Background: Muir Torre syndrome (MTS) is a rare genetic disorder. MTS is caused by mutations in genes that regulate cell growth and division. Specifically, it is linked to mutations in the DNA mismatch repair system. MTS increases the risk of developing skin and gastrointestinal tumors such as sebaceous adenomas, sebaceous carcinomas, colorectal cancer, endometrial cancer, and ovarian cancer. The risk of developing these types of tumors varies depending on the involved mutation and the individual's family history.

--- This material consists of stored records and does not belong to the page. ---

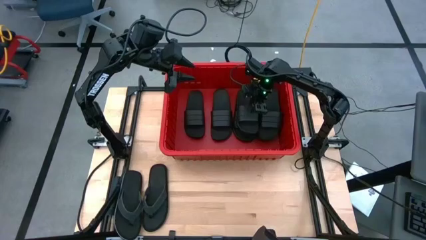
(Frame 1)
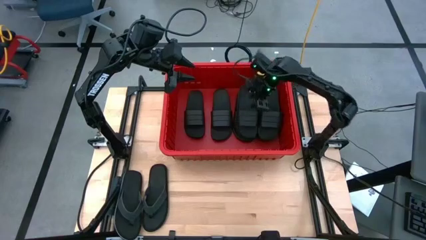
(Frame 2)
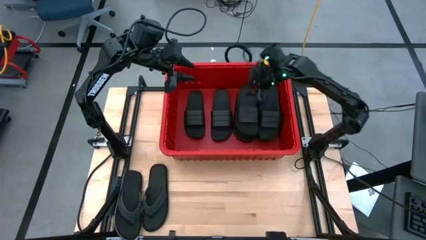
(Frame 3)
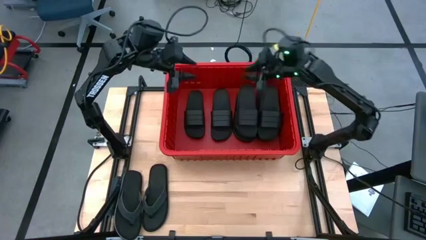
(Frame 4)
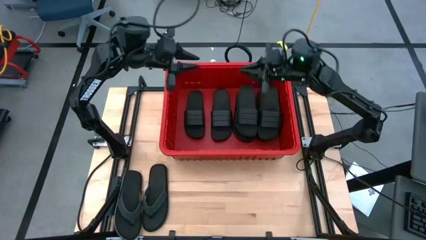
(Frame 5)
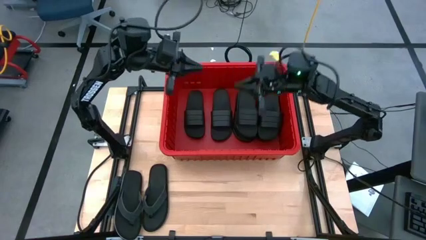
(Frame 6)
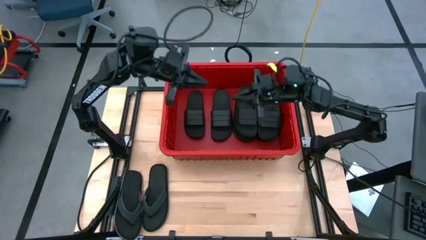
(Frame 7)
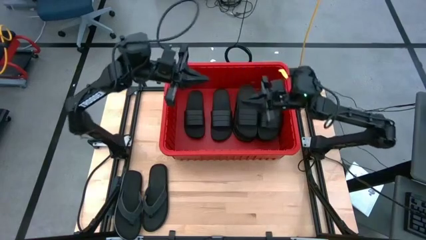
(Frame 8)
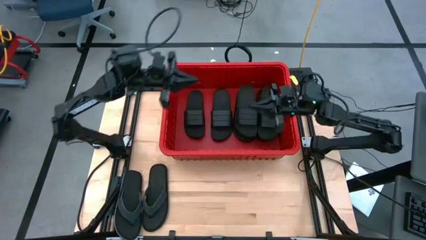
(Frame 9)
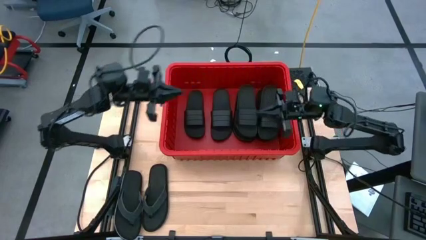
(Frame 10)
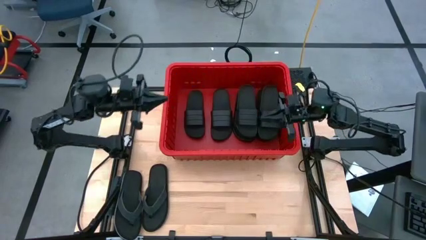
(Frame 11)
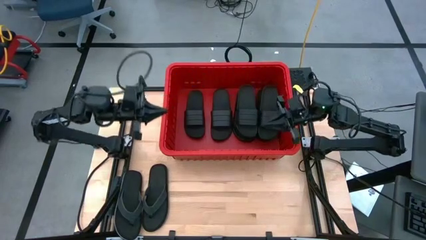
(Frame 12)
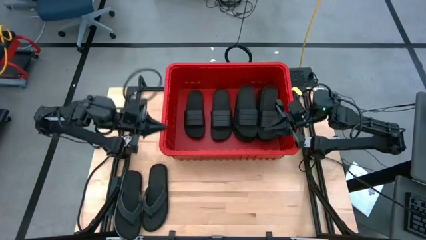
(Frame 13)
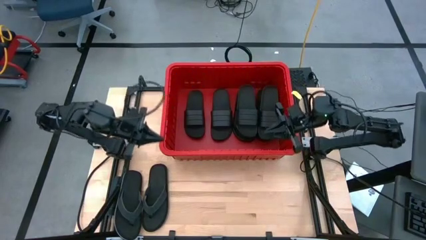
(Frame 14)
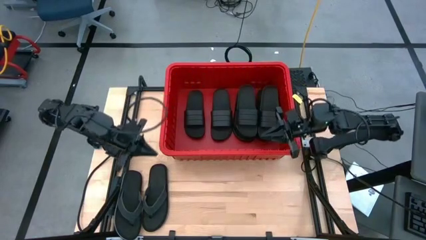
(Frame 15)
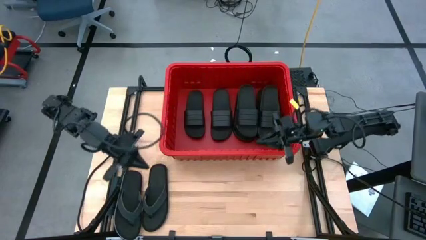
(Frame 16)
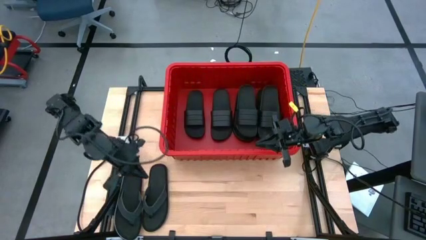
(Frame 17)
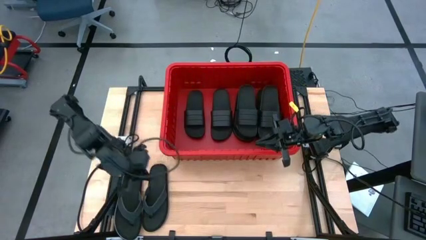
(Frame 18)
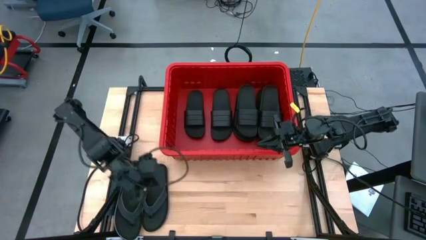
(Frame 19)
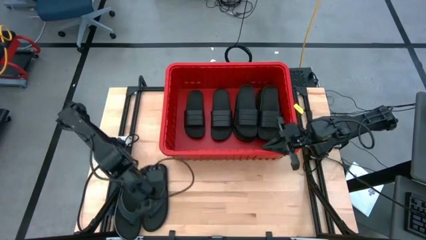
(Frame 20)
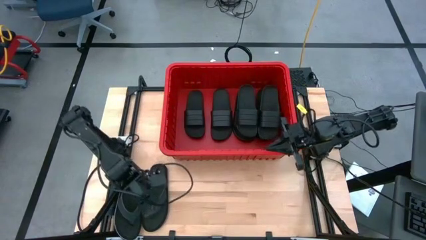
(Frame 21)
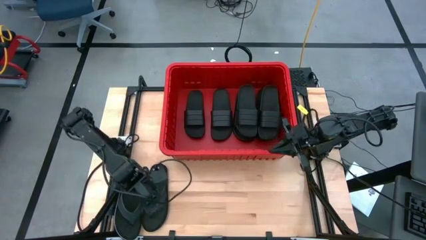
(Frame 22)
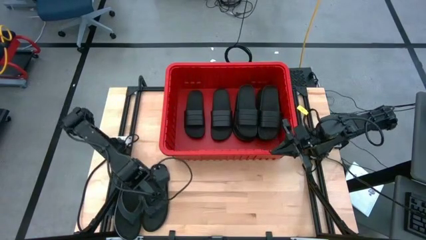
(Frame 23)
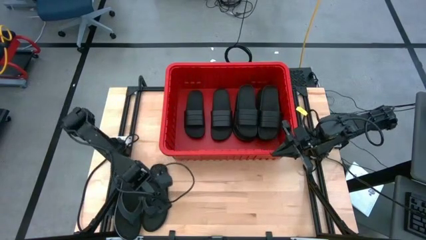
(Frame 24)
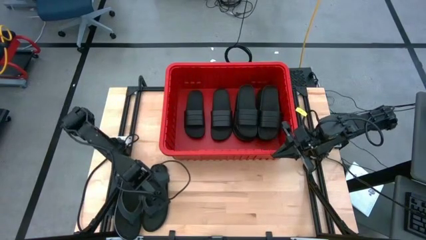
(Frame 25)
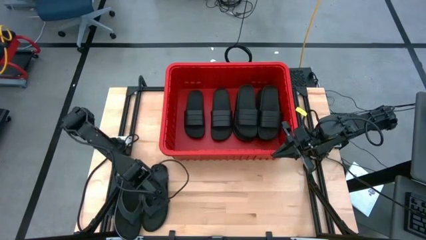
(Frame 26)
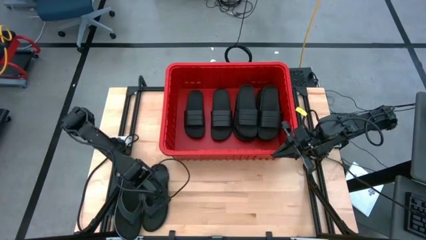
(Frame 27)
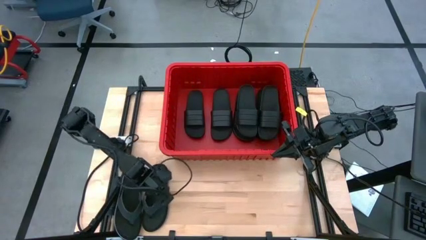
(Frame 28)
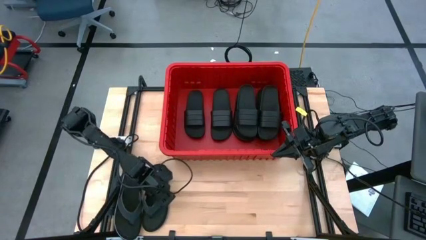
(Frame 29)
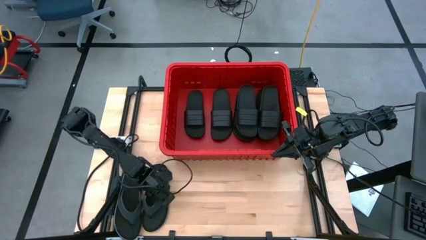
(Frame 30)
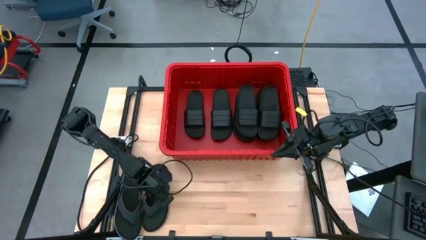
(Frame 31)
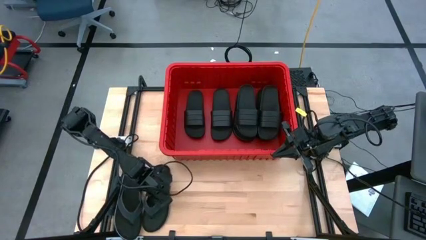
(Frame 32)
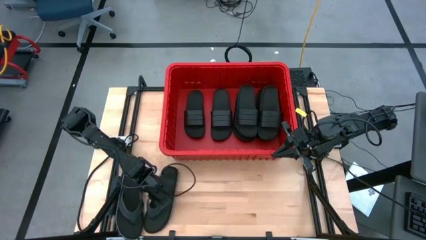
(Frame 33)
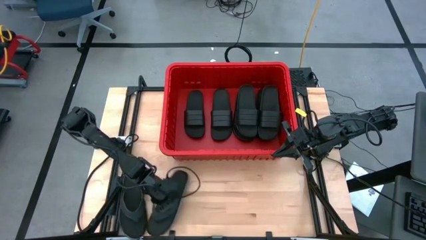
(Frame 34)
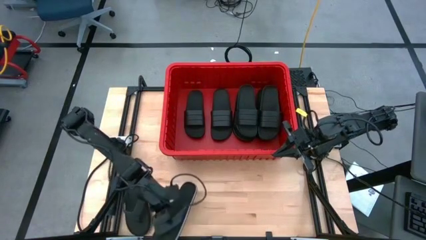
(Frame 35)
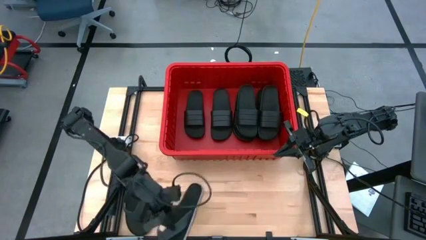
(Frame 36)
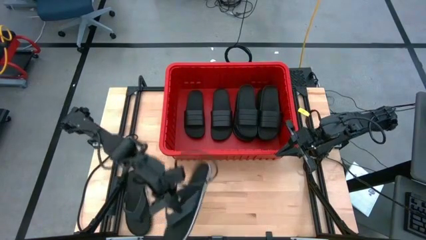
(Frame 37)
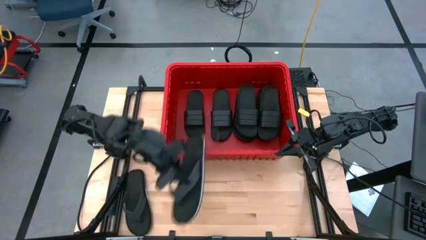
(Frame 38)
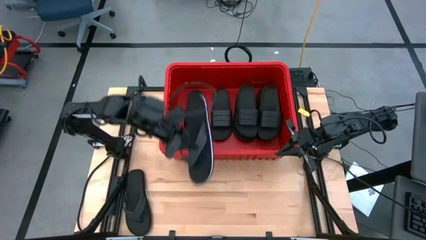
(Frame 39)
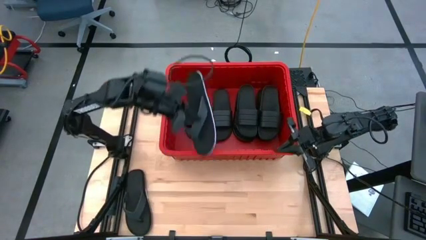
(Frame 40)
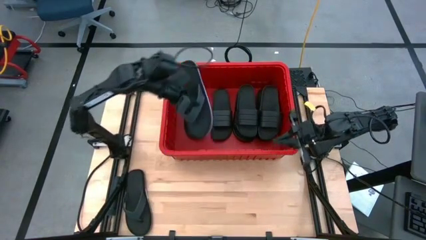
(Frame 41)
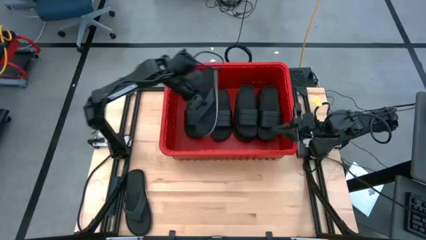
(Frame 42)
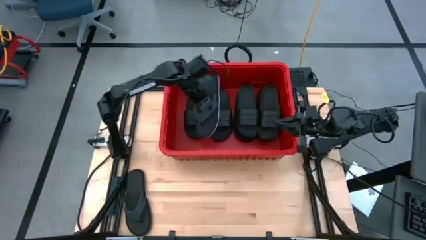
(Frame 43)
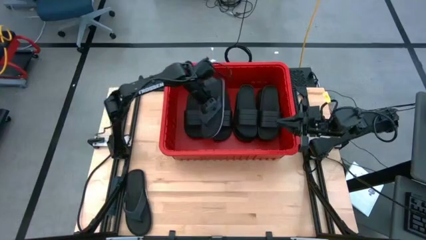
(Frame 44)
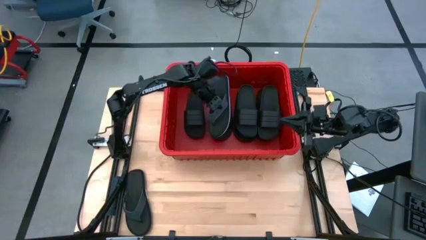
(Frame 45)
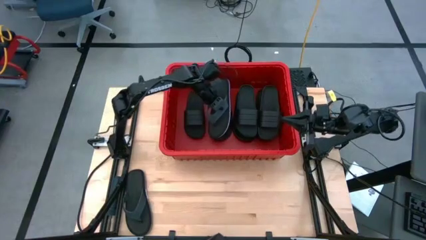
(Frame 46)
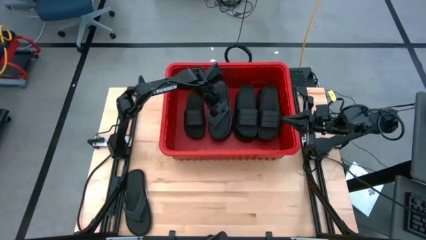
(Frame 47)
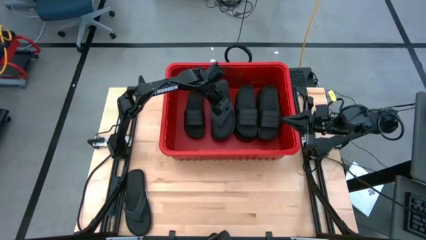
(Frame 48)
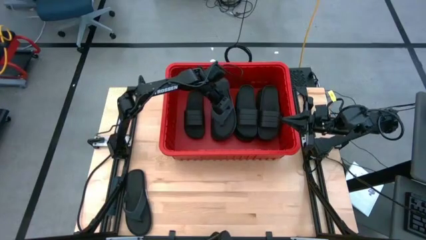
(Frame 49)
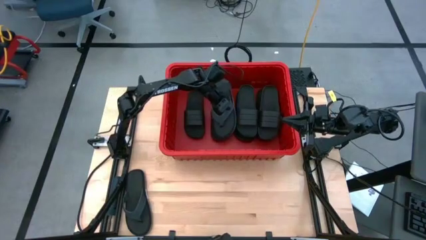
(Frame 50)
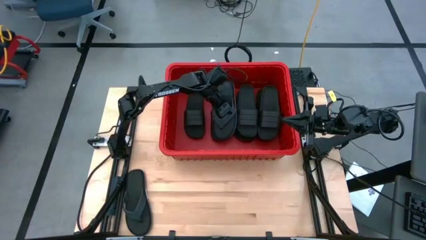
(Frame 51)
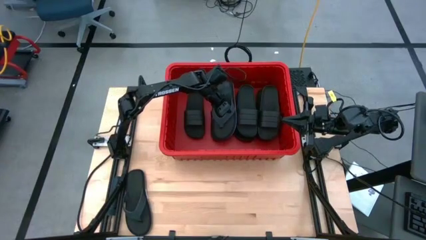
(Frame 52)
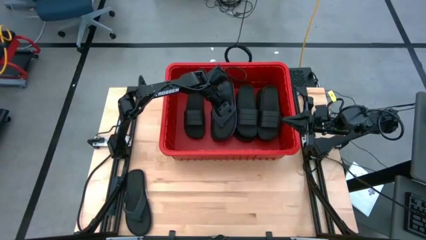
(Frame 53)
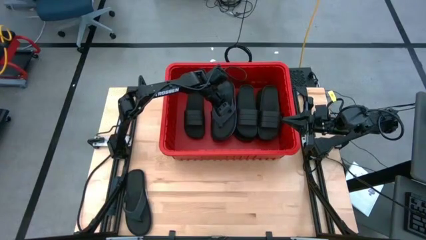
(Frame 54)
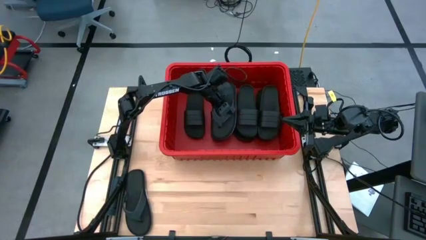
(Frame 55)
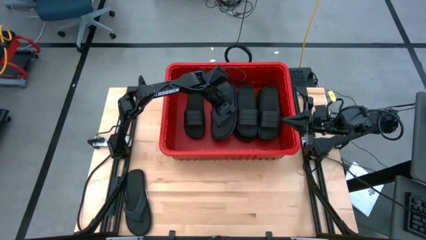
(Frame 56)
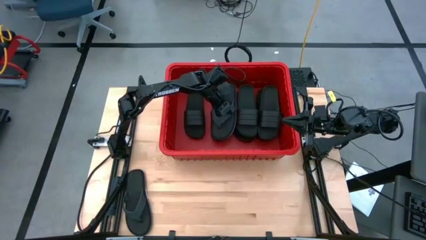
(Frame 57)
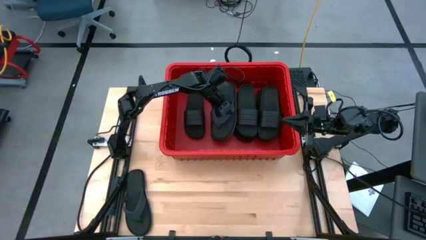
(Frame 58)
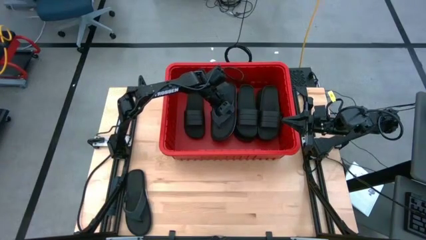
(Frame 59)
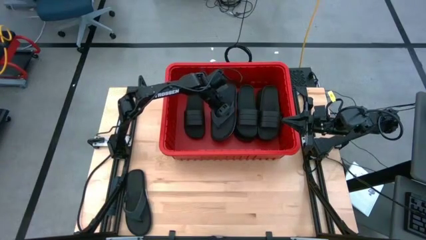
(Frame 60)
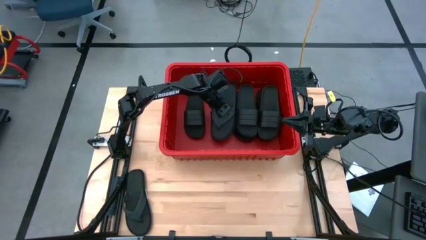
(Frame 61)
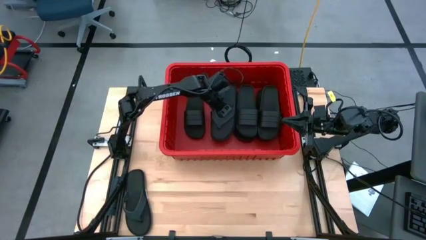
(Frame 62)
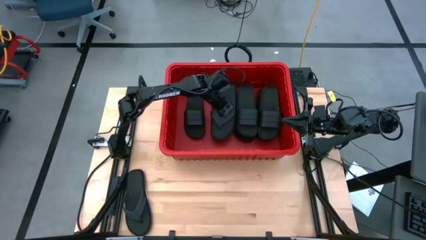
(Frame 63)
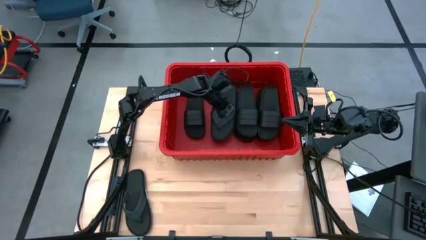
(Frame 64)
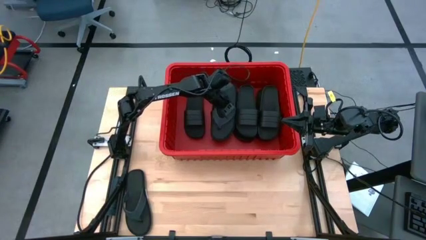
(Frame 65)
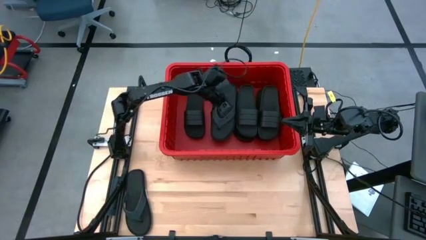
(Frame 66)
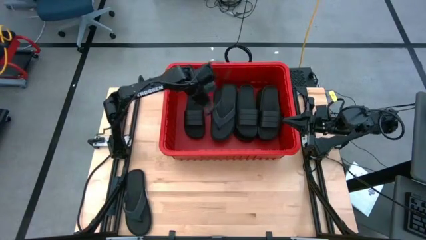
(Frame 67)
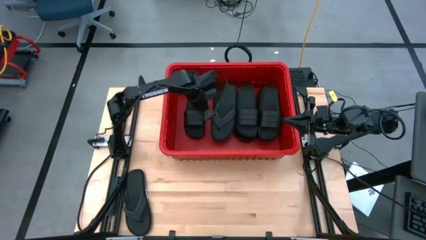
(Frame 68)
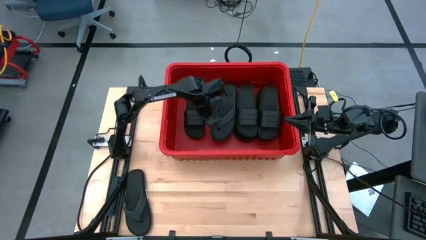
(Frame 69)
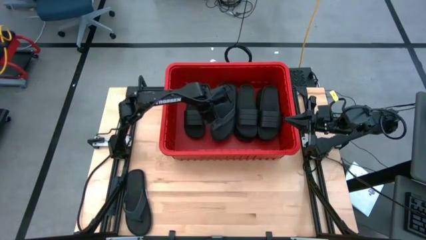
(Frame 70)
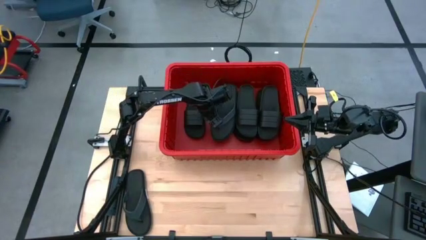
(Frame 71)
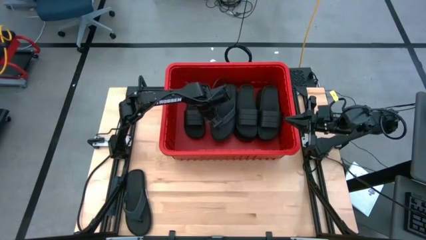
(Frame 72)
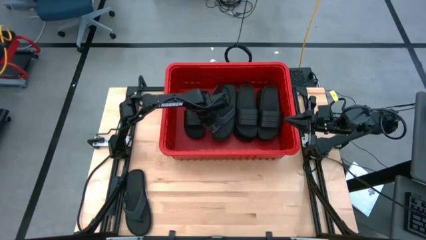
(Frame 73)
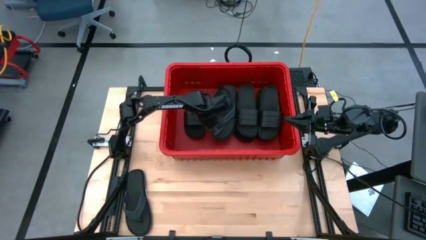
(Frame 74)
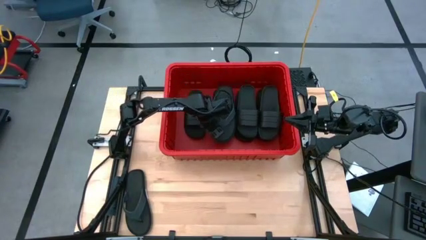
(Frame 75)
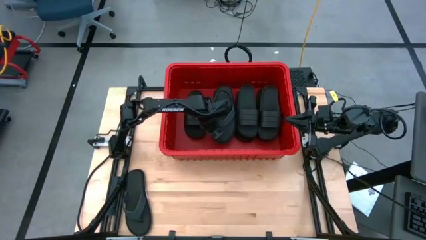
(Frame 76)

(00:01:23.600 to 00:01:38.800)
Task: Pick and place slides into bin
Put the black slipper into the red bin

Case Presentation: A 47-year-old gentleman presented with multiple skin lesions on his scalp, face, flank, and back. The examination revealed well-circumscribed, dome-shaped papules with a yellowish appearance with white oily material in the center. Histopathological examination showed focal cystic changes and peritumoral lymphocytic infiltrate consistent with sebaceous adenomas. MMR staining showed preserved expression in MLH1 and PMS2, while MSH2 and MSH6 staining showed loss of protein expression. A screening colonoscopy showed numerous colon and rectal tumors, prompting concerns about the likelihood of Muir-Torre syndrome. Surgical intervention was necessary, leading to the resection of the tumors, which were found to be mucinous adenocarcinoma/adenocarcinoma with mucinous features in the colon. The diagnosis of MTS was supported by MSH2 germline mutation. The increased likelihood of MTS was attributed to the occurrence of sebaceous adenomas in unusual locations of the head and neck regions, unlike typical cases.

Conclusion: MTS is a unique condition that necessitates continuous surveillance. When sebaceous adenoma arises in atypical regions, it is important to consider additional screening to eliminate the likelihood of MTS.